= Education in Goa =

The smallest state in India, Goa covers an area of 3,702 km^{2}. Situated on the western coast of India, Goa shares its northern boundary with Maharashtra. Karnataka covers the eastern and southern boundary of the state. Panaji is the capital city of the state of Goa. One of the major tourist destinations in India, Goa also houses some of the best educational institutes of the nation. The education system here is comparatively better than many other states. According to the 2001 census report, the state has a literacy rate of 82%, well above the national average.

==School education==
The quality of state-run schools and the low level of corruption has added to the betterment of education in Goa. There is not much demand for private schools in Goa as people are quite happy with the performance of the government schools at all levels. There are approximately 2,153 schools in Goa which includes primary schools, middle schools, secondary schools and higher secondary schools.

2011 Census
| State/District | Literacy rate |
|---|---|
| Goa | 88.7% |
| North Goa | 89.57% |
| South Goa | 87.59% |

Most of the schools in Goa are affiliated with Goa Board of Secondary and Higher Secondary Education. However, one can also come across schools affiliated to the CBSE and ICSE board. English is the main medium of instruction at the schools in Goa. Konkani and Portuguese are also taught in several schools of the state. Navy Children School, Infant Jesus High School, Kendriya Vidyalaya No.1, Anjuman High School, Bal Bharati Vidya Mandir High School, Don Bosco School, Holy Cross High School, Guardian Angel High School are some of the renowned schools in Goa. Goa is multidimensional hub for education.

==Higher education==
Goa University is the premier center of higher studies in the state and most of the colleges are affiliated to it. One can also come across medical and engineering colleges in Goa. There exists both private and government engineering colleges in the state.
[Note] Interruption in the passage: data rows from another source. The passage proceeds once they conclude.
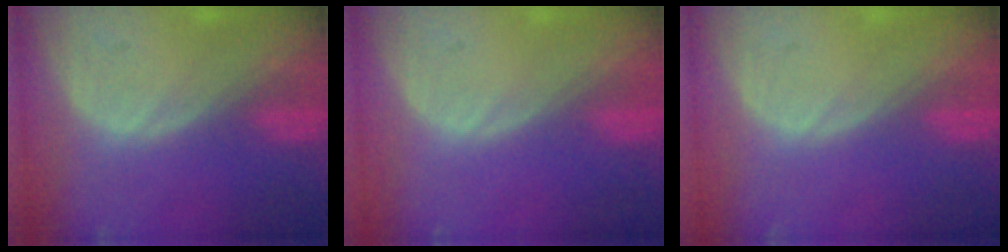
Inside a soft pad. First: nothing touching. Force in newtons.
{"total": 0.0}
{"total": 0.0}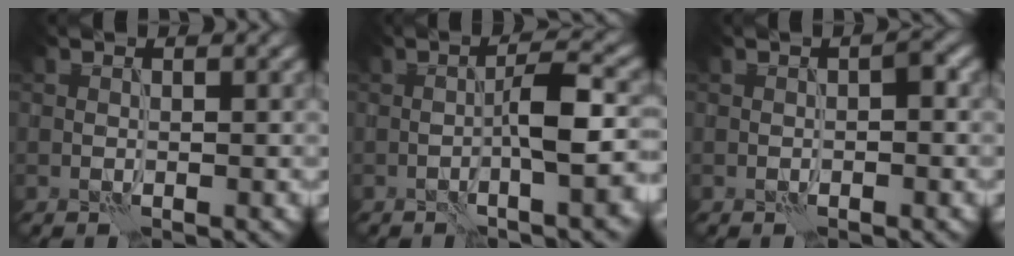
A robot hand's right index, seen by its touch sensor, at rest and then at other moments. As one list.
[{"total": 5.1, "force": [-1.5, 0.6, 4.9], "torque": [-0.080, 0.016, -0.031]}, {"total": 1.1, "force": [-0.3, 0.3, 1.0], "torque": [-0.012, 0.006, -0.005]}]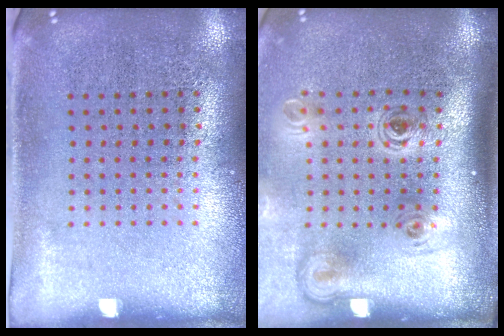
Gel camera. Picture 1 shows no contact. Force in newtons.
{"total": 2.2, "press": 1.5, "slide": 1.7}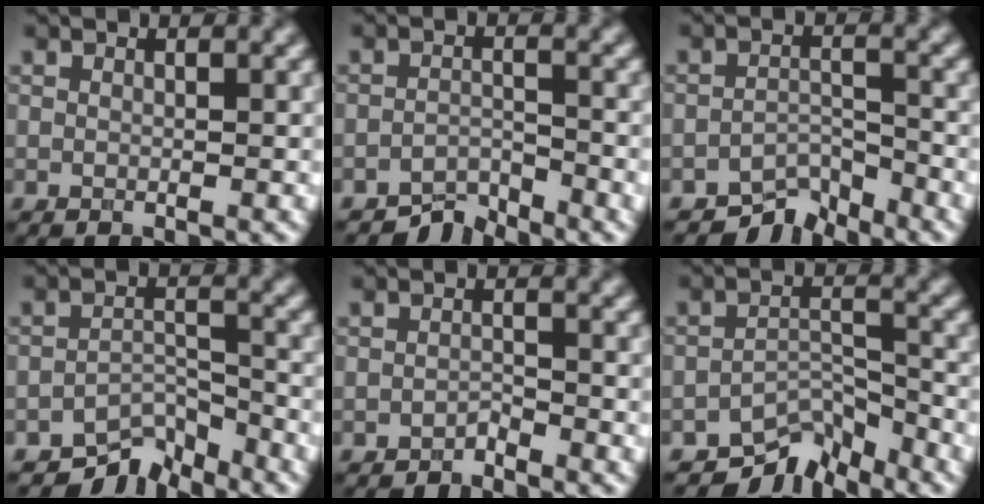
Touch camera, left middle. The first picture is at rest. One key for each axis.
{"total": 2.7, "fx": -2.5, "fy": 0.5, "fz": 0.5, "tx": -0.003, "ty": 0.006, "tz": -0.050}
{"total": 3.5, "fx": -3.2, "fy": 1.1, "fz": 0.9, "tx": -0.005, "ty": 0.004, "tz": -0.062}
{"total": 4.4, "fx": -3.9, "fy": 1.4, "fz": 1.3, "tx": -0.010, "ty": 0.000, "tz": -0.073}
{"total": 1.0, "fx": -1.0, "fy": 0.1, "fz": 0.2, "tx": -0.004, "ty": 0.002, "tz": -0.018}
{"total": 4.8, "fx": -4.2, "fy": 1.7, "fz": 1.6, "tx": -0.014, "ty": -0.001, "tz": -0.078}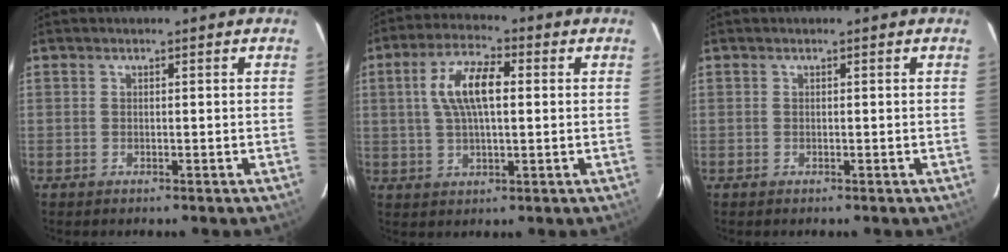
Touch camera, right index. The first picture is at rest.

BITS Pilani — Goa is also a renowned institute which grants admission to the students on the basis of their performance in the all India aptitude test conducted by the institute. Some of the colleges in Goa offer courses in arts, commerce, science, law, architecture, dentistry, marine engineering, hotel management, fisheries and pharmacy. The National Centre for Antarctic and Ocean Research (NCAOR), Vasco-da-Gama and the National Institute of Oceanography (NIO), Dona Paula are scientific oceanographic laboratories located in Goa, offering training and opportunities for further studies and research in affiliation with universities like Goa University etc. Goa Institute of Management established in the year 1993 is a famous B-School of the region. Students interested in the study of the Portuguese language can pursue an undergraduate and a postgraduate degree in Portuguese from Goa University or inculcate conversational skills through short term certificate course at various centres run by the Instituto Camões and the Indo-Portuguese Society.